Items from a dataset:
>>>>>

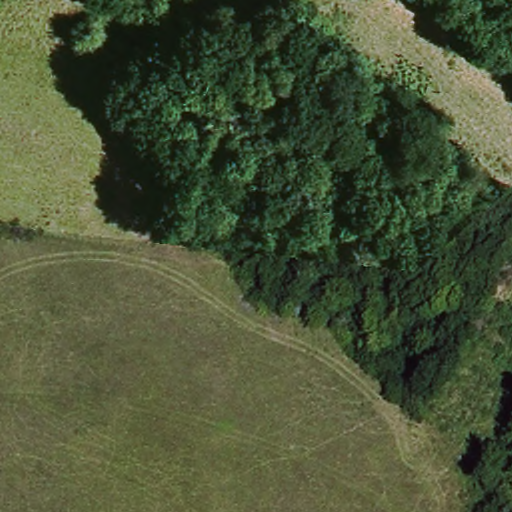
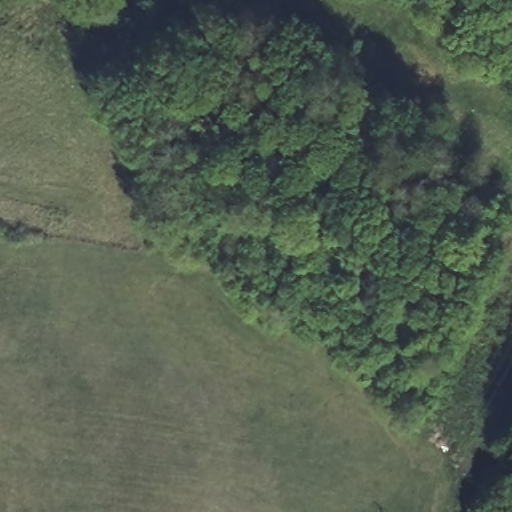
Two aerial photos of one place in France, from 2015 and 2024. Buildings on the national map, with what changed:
[]

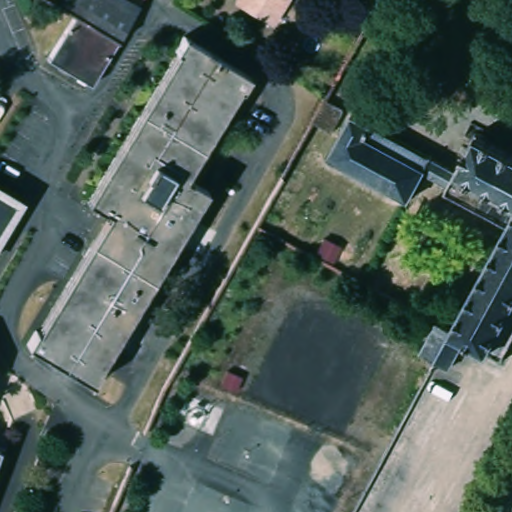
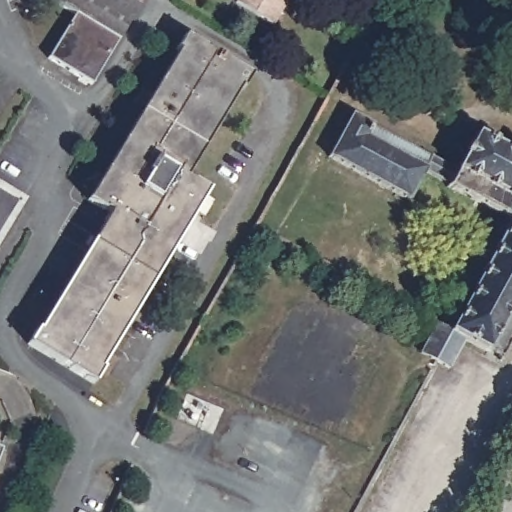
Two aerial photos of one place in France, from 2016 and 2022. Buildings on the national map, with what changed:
unchanged [(137,5),(91,80),(48,55),(74,13),(54,0),(129,0),(137,5)]
unchanged [(278,25),(239,2),(240,0),(292,0),(278,25)]
unchanged [(40,326),(41,327),(114,213),(91,198),(185,50),(182,47),(190,34),(256,72),(247,86),(245,85),(187,176),(211,191),(102,366),(104,367),(95,381),(30,342),(40,326)]
unchanged [(348,111),(336,132),(334,136),(315,125),(328,101),(348,111)]
unchanged [(451,187),(427,174),(412,201),(332,157),(345,136),(356,116),(460,172),(480,135),(512,152),(512,222),(450,189),(451,187)]
unchanged [(26,197),(0,239),(0,182),(26,197)]
unchanged [(454,370),(439,362),(425,354),(440,325),(454,333),(512,225),(512,313),(490,353),(469,341),(454,370)]
unchanged [(490,353),(512,313),(512,352),(507,362),(490,353)]
unchanged [(6,445),(0,460),(0,443),(6,445)]

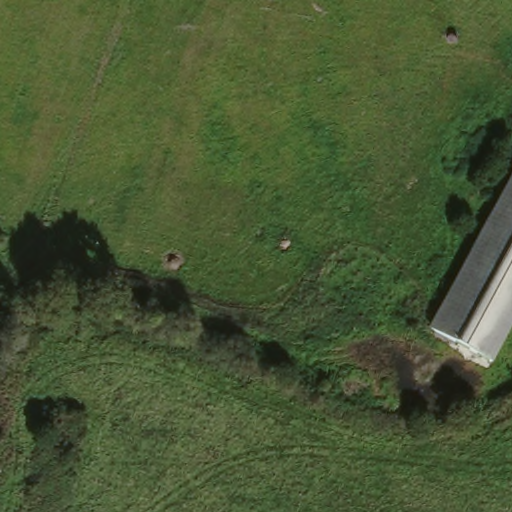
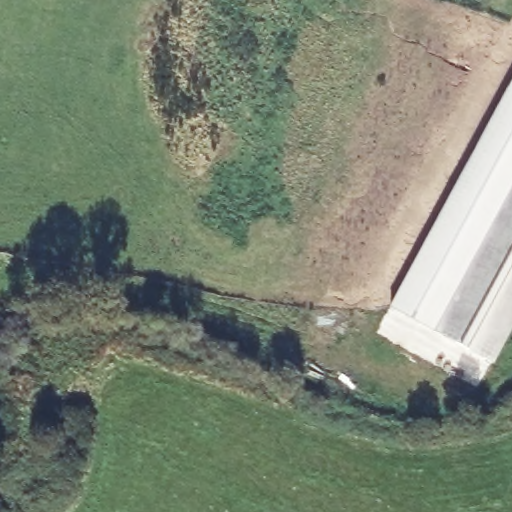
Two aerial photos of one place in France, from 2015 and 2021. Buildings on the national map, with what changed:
new [(512,78),(512,186),(438,332),(390,305),(512,78)]
unchanged [(512,186),(512,333),(497,362),(438,332),(512,186)]

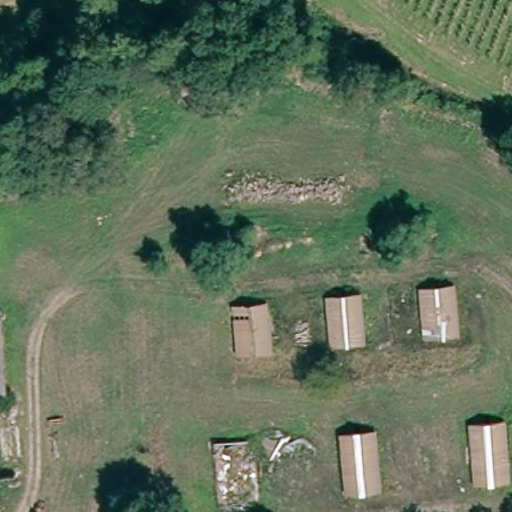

<<<<<

### Task requirements
Output all the records above again exactly, with the pictures dropped.

### Exercise answer
Two aerial photos of one place in France, from 2015 and 2024. Buildings on the national map, with what changed:
[]

Two aerial photos of one place in France, from 2016 and 2022. Buildings on the national map, with what changed:
unchanged [(137,5),(91,80),(48,55),(74,13),(54,0),(129,0),(137,5)]
unchanged [(278,25),(239,2),(240,0),(292,0),(278,25)]
unchanged [(40,326),(41,327),(114,213),(91,198),(185,50),(182,47),(190,34),(256,72),(247,86),(245,85),(187,176),(211,191),(102,366),(104,367),(95,381),(30,342),(40,326)]
unchanged [(348,111),(336,132),(334,136),(315,125),(328,101),(348,111)]
unchanged [(451,187),(427,174),(412,201),(332,157),(345,136),(356,116),(460,172),(480,135),(512,152),(512,222),(450,189),(451,187)]
unchanged [(26,197),(0,239),(0,182),(26,197)]
unchanged [(454,370),(439,362),(425,354),(440,325),(454,333),(512,225),(512,313),(490,353),(469,341),(454,370)]
unchanged [(490,353),(512,313),(512,352),(507,362),(490,353)]
unchanged [(6,445),(0,460),(0,443),(6,445)]

Two aerial photos of one place in France, from 2015 and 2021. Buildings on the national map, with what changed:
new [(512,78),(512,186),(438,332),(390,305),(512,78)]
unchanged [(512,186),(512,333),(497,362),(438,332),(512,186)]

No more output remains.